Updated by Radhika Chippada almost 10 years ago
- normalized = normalized.gsub(/\d+:\d+:(#{Regexp.quote manifest_file})/) {|s| uniq_file}
This is resulting in removing the \d+:\d+: portion. Instead I split the string on file name index and applied gsub on the last part, which is the file name being replaced.
- part_match = /\d+:\d+:(\S+)/.match(part)
Done
- and the previous comment for gsub applies here as well: (adjusted_parts << (part.gsub(part_match1) {|s| uniq_file}))
This is not required since I am doing gsub on the filename part alone and hence there are no other such occurrences
- You should normalize mt before processing it to ensure that there are no filenames with '/' in them.
Done
- Also needed to update one collection fixture to have correct format (it was missing the locator)

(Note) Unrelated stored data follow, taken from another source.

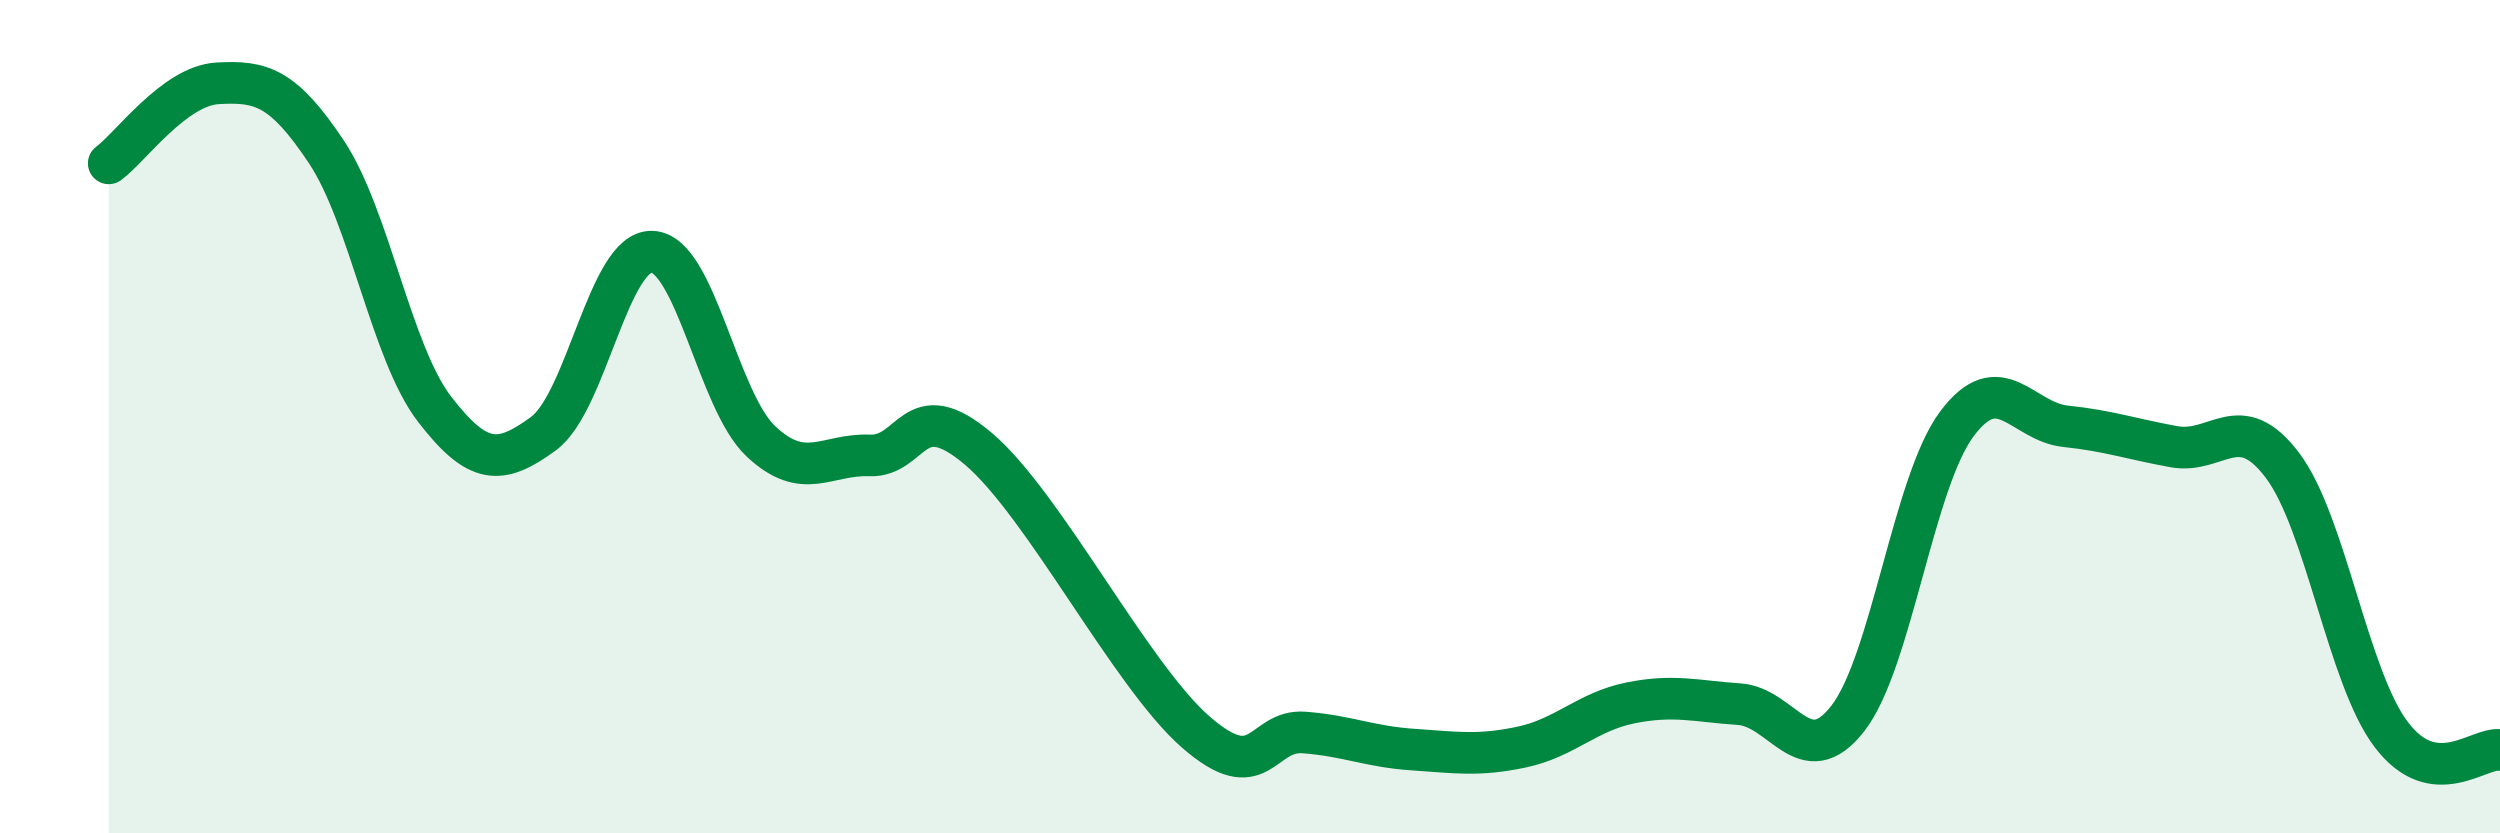 
    <svg width="60" height="20" viewBox="0 0 60 20" xmlns="http://www.w3.org/2000/svg">
      <path
        d="M 2.61,3.92 C 3.13,3.54 4.18,2.06 5.22,2 C 6.26,1.94 6.79,2.08 7.83,3.64 C 8.87,5.2 9.39,8.47 10.43,9.82 C 11.47,11.17 12,11.17 13.04,10.41 C 14.08,9.65 14.61,6 15.65,6.04 C 16.69,6.08 17.22,9.61 18.26,10.59 C 19.3,11.57 19.83,10.89 20.87,10.93 C 21.91,10.97 21.91,9.44 23.48,10.77 C 25.05,12.1 27.14,16.21 28.7,17.57 C 30.26,18.93 30.26,17.5 31.3,17.58 C 32.34,17.66 32.87,17.92 33.91,17.99 C 34.95,18.06 35.48,18.15 36.52,17.93 C 37.56,17.71 38.09,17.08 39.13,16.87 C 40.17,16.66 40.7,16.83 41.74,16.9 C 42.78,16.97 43.31,18.58 44.35,17.24 C 45.39,15.9 45.92,11.58 46.96,10.18 C 48,8.78 48.53,10.12 49.57,10.23 C 50.61,10.34 51.13,10.53 52.17,10.72 C 53.21,10.91 53.74,9.79 54.78,11.17 C 55.82,12.55 56.35,16.26 57.39,17.63 C 58.43,19 59.48,17.93 60,18L60 20L2.61 20Z"
        fill="#008740"
        opacity="0.1"
        stroke-linecap="round"
        stroke-linejoin="round"
      />
      <path
        d="M 2.61,3.92 C 3.13,3.54 4.18,2.06 5.22,2 C 6.26,1.94 6.79,2.08 7.83,3.64 C 8.87,5.2 9.39,8.47 10.43,9.82 C 11.47,11.17 12,11.17 13.04,10.41 C 14.08,9.65 14.61,6 15.65,6.04 C 16.69,6.08 17.22,9.61 18.26,10.59 C 19.3,11.57 19.83,10.89 20.87,10.93 C 21.91,10.97 21.91,9.44 23.48,10.77 C 25.05,12.1 27.14,16.21 28.7,17.57 C 30.26,18.93 30.26,17.5 31.3,17.58 C 32.34,17.66 32.87,17.92 33.91,17.99 C 34.95,18.06 35.48,18.15 36.52,17.93 C 37.56,17.71 38.09,17.08 39.13,16.87 C 40.17,16.66 40.7,16.83 41.74,16.9 C 42.78,16.97 43.31,18.58 44.35,17.24 C 45.39,15.9 45.92,11.58 46.96,10.18 C 48,8.78 48.53,10.12 49.57,10.23 C 50.61,10.34 51.13,10.53 52.17,10.72 C 53.21,10.91 53.74,9.79 54.78,11.17 C 55.82,12.55 56.35,16.26 57.39,17.63 C 58.43,19 59.48,17.93 60,18"
        stroke="#008740"
        stroke-width="1"
        fill="none"
        stroke-linecap="round"
        stroke-linejoin="round"
      />
    </svg>

Updated by Peter Amstutz almost 10 years ago
Radhika Chippada wrote:
- normalized = normalized.gsub(/\d+:\d+:(#{Regexp.quote manifest_file})/) {|s| uniq_file}
This is resulting in removing the \d+:\d+: portion. Instead I split the string on file name index and applied gsub on the last part, which is the file name being replaced.
You're right, I was wrong about it just matching the subexpression, here's the right way to do it:
normalized.gsub(/(\d+:\d+:)(#{Regexp.quote manifest_file})/) {|s| "#{$1}#{uniq_file}" }
This the first subexpression goes into the variable $1
and uses that to build a new string using the new filename.
- part_match = /\d+:\d+:(\S+)/.match(part)
Done
I still see
part_match = /\d*:\d*:(\S+)/.match(part)
\d*
is wrong since that will match zero-length strings.
- and the previous comment for gsub applies here as well: (adjusted_parts << (part.gsub(part_match1) {|s| uniq_file}))
This is not required since I am doing gsub on the filename part alone and hence there are no other such occurrences
I think you want do something like:
part_match = /(\d+:\d+:)(\S+)/.match(part) if part_match uniq_file = derive_unique_filename(part_match[2], manifest_files) adjusted_parts << "#{part_match[1]}#{uniq_file}" else adjusted_parts << part end
Updated by Radhika Chippada almost 10 years ago
Peter, thanks for the regexp lesson. Addressed all three items. Thanks.
Updated by Radhika Chippada almost 10 years ago
- Status changed from In Progress to Resolved
- % Done changed from 0 to 100
Applied in changeset arvados|commit:00c9cd4ecab3683d95118ab9d68310ac5069e9f6.